- Action item:
When a line below contains the word "Society", copy that line.

[Source records]
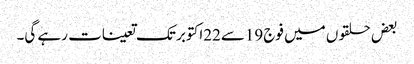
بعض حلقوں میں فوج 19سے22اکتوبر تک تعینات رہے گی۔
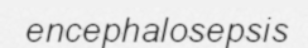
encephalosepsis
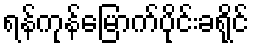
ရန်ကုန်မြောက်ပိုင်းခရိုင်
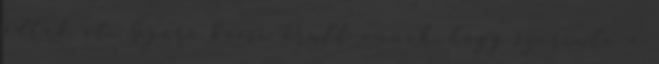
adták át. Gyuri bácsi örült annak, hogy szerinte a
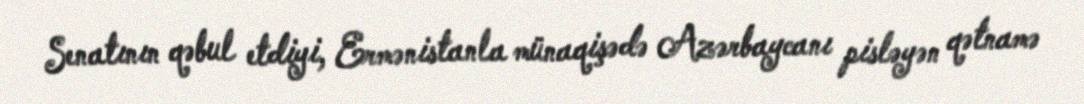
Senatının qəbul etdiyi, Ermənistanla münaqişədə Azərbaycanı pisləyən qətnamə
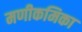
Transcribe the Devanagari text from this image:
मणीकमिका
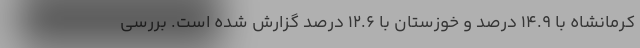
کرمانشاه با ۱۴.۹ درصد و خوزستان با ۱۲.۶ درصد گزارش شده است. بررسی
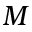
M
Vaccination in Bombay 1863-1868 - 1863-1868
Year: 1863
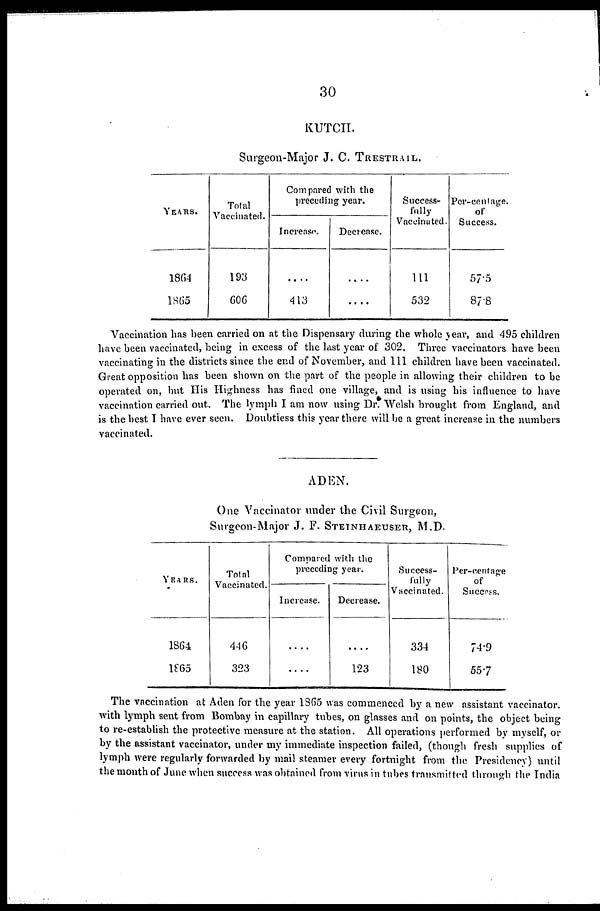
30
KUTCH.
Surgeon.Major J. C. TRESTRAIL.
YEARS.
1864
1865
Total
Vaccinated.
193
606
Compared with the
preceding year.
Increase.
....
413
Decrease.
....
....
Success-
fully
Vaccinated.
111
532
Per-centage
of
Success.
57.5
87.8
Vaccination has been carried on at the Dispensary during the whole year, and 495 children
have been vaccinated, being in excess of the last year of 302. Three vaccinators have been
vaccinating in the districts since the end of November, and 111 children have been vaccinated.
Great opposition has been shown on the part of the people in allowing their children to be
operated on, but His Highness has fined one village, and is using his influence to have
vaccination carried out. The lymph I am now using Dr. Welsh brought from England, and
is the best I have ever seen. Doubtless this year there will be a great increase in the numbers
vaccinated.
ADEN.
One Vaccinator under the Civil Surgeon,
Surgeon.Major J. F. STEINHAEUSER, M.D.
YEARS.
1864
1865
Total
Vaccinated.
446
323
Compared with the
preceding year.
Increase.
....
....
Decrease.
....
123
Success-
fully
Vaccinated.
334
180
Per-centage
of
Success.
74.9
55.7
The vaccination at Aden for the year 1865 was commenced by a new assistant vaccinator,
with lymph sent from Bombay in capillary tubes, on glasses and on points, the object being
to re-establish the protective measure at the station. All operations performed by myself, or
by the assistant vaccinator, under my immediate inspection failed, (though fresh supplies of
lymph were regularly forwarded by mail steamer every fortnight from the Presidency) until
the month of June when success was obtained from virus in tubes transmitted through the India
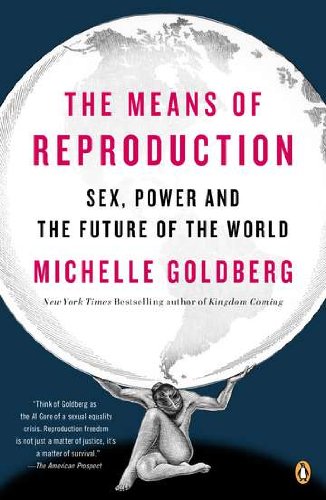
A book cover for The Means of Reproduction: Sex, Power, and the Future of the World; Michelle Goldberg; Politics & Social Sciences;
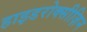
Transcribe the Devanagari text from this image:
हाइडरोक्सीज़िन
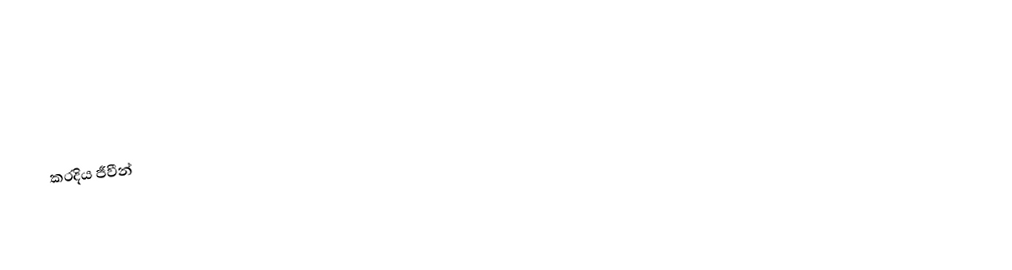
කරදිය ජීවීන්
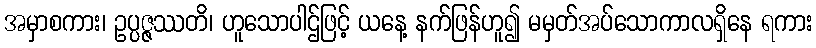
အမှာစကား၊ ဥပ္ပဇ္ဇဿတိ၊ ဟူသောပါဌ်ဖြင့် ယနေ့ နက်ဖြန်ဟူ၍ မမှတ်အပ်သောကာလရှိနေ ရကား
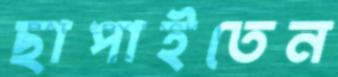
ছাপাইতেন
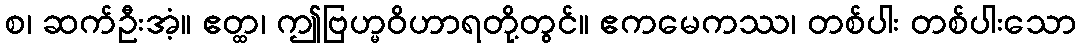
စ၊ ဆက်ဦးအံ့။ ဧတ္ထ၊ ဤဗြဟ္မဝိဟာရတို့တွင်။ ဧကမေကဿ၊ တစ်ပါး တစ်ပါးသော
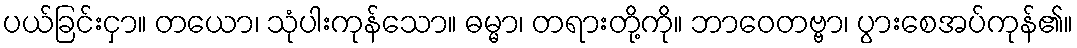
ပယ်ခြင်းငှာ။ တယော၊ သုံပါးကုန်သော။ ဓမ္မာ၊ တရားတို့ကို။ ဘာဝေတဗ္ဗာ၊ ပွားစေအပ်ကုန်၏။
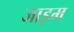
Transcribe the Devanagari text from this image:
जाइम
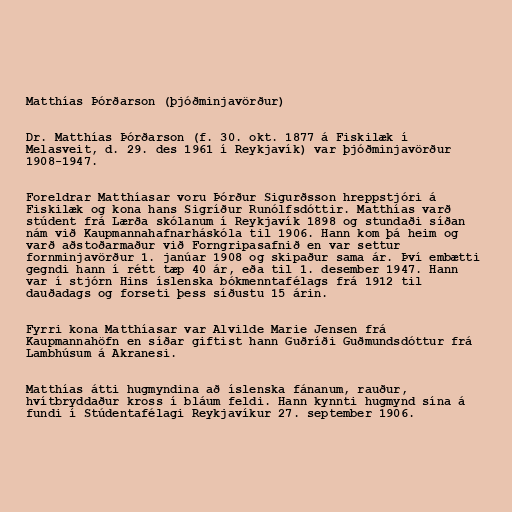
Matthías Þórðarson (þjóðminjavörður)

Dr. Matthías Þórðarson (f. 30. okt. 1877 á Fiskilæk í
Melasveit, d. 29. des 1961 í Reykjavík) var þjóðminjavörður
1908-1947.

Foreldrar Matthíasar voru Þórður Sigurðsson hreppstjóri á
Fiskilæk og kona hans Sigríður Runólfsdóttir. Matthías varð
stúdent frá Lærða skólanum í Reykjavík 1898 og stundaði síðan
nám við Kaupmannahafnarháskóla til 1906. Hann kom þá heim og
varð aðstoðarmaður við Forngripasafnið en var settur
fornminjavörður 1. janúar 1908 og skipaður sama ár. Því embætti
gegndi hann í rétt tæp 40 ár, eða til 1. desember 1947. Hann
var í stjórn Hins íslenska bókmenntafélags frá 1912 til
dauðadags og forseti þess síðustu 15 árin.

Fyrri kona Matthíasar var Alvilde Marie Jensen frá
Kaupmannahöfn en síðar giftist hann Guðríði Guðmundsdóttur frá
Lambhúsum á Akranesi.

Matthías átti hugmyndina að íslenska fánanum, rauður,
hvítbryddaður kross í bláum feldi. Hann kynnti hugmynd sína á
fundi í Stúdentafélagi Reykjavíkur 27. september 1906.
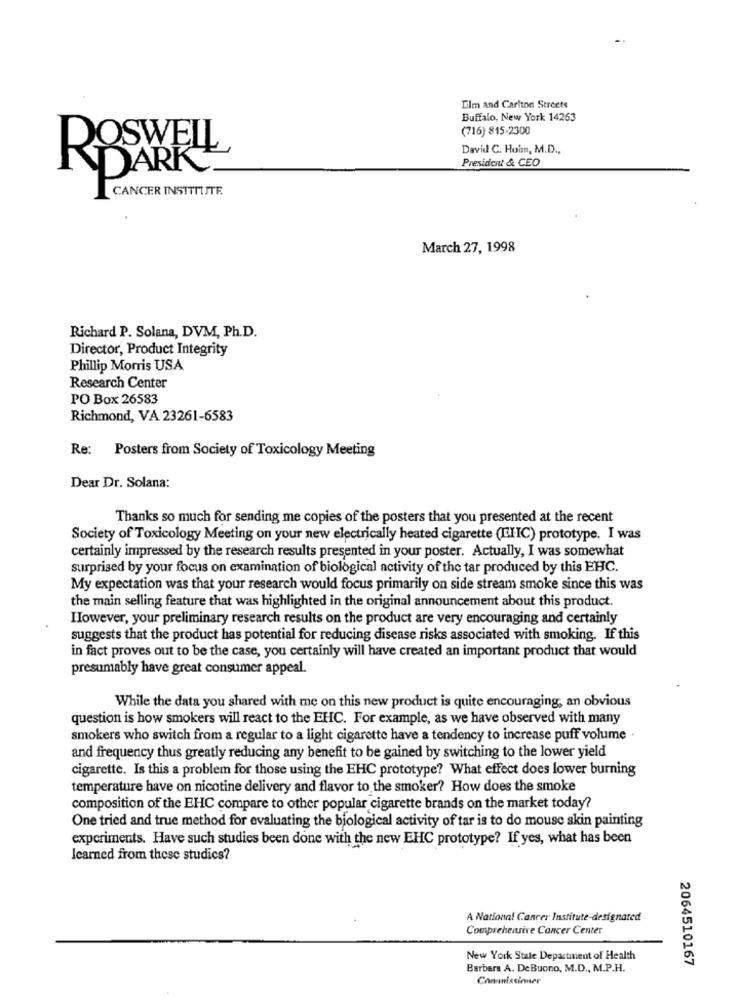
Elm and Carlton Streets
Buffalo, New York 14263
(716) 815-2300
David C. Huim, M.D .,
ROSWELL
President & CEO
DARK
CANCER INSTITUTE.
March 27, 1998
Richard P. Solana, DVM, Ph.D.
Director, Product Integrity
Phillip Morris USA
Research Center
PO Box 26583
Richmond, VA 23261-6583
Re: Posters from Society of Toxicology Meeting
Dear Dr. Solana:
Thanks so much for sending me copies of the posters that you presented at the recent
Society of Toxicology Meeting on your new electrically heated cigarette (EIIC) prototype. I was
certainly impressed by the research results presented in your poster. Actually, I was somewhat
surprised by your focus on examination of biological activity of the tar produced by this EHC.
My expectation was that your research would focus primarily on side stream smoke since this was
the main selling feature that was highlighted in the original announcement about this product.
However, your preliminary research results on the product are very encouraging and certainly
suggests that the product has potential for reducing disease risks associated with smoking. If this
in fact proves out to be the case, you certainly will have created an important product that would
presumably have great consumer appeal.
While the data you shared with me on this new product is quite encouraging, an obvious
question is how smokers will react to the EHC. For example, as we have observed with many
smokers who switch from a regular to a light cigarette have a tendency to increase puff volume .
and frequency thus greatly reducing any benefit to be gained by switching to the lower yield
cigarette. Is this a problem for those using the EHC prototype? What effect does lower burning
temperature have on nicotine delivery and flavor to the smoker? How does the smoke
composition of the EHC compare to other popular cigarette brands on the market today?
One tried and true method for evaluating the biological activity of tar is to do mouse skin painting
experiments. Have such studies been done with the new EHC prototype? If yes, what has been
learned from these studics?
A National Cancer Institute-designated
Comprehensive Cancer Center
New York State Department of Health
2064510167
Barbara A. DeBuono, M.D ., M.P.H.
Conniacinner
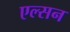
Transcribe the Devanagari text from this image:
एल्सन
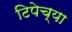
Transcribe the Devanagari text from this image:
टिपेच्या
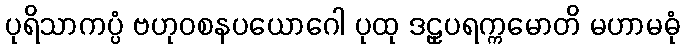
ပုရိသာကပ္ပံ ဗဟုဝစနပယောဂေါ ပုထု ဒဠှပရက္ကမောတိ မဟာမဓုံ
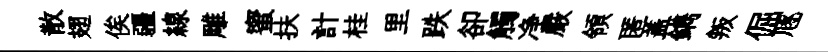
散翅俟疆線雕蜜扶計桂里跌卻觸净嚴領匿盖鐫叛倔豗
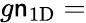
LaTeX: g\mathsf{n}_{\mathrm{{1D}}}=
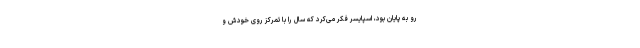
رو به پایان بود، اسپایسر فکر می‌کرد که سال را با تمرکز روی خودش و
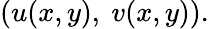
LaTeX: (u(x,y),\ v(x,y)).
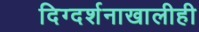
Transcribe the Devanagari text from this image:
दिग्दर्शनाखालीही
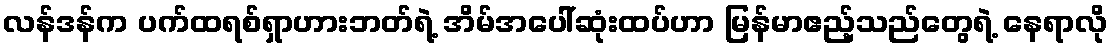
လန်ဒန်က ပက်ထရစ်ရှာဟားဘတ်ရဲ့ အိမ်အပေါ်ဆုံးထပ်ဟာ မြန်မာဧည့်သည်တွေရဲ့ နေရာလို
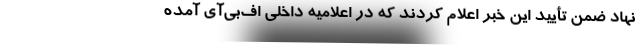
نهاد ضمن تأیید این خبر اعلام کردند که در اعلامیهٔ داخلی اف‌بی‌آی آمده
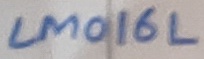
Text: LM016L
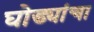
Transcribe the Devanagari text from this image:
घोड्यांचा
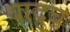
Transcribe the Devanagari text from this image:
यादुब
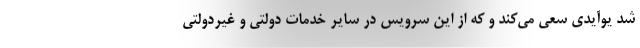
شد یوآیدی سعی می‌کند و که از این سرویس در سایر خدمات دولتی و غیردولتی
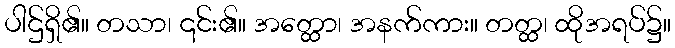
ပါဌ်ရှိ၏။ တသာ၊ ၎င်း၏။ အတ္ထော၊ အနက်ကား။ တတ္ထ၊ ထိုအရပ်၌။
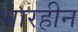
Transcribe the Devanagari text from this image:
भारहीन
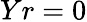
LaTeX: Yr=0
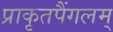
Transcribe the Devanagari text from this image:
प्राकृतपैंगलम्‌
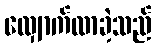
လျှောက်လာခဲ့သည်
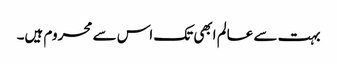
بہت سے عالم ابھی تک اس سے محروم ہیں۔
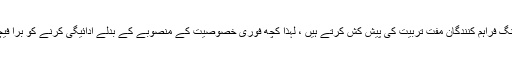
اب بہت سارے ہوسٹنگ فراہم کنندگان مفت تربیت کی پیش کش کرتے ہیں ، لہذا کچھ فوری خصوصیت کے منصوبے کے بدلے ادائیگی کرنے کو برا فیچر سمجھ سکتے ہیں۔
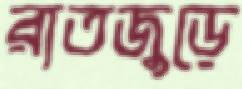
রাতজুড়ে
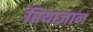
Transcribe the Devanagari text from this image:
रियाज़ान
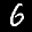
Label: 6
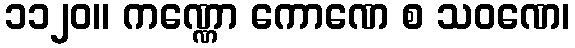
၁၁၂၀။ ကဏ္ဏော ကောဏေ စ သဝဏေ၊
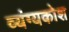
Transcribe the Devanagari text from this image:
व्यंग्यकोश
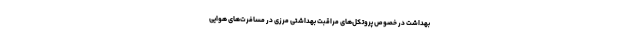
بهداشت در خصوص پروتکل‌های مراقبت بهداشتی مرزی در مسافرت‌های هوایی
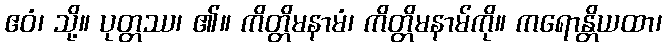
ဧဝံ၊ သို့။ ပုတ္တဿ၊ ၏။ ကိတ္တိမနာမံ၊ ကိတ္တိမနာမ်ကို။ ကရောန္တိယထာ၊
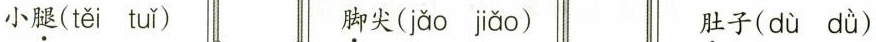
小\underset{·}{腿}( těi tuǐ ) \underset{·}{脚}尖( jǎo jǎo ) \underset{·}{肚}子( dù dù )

- Result of this exercise:
Re: Posters from Society of Toxicology Meeting
Society of Toxicology Meeting on your new electrically heated cigarette (EIIC) prototype. I was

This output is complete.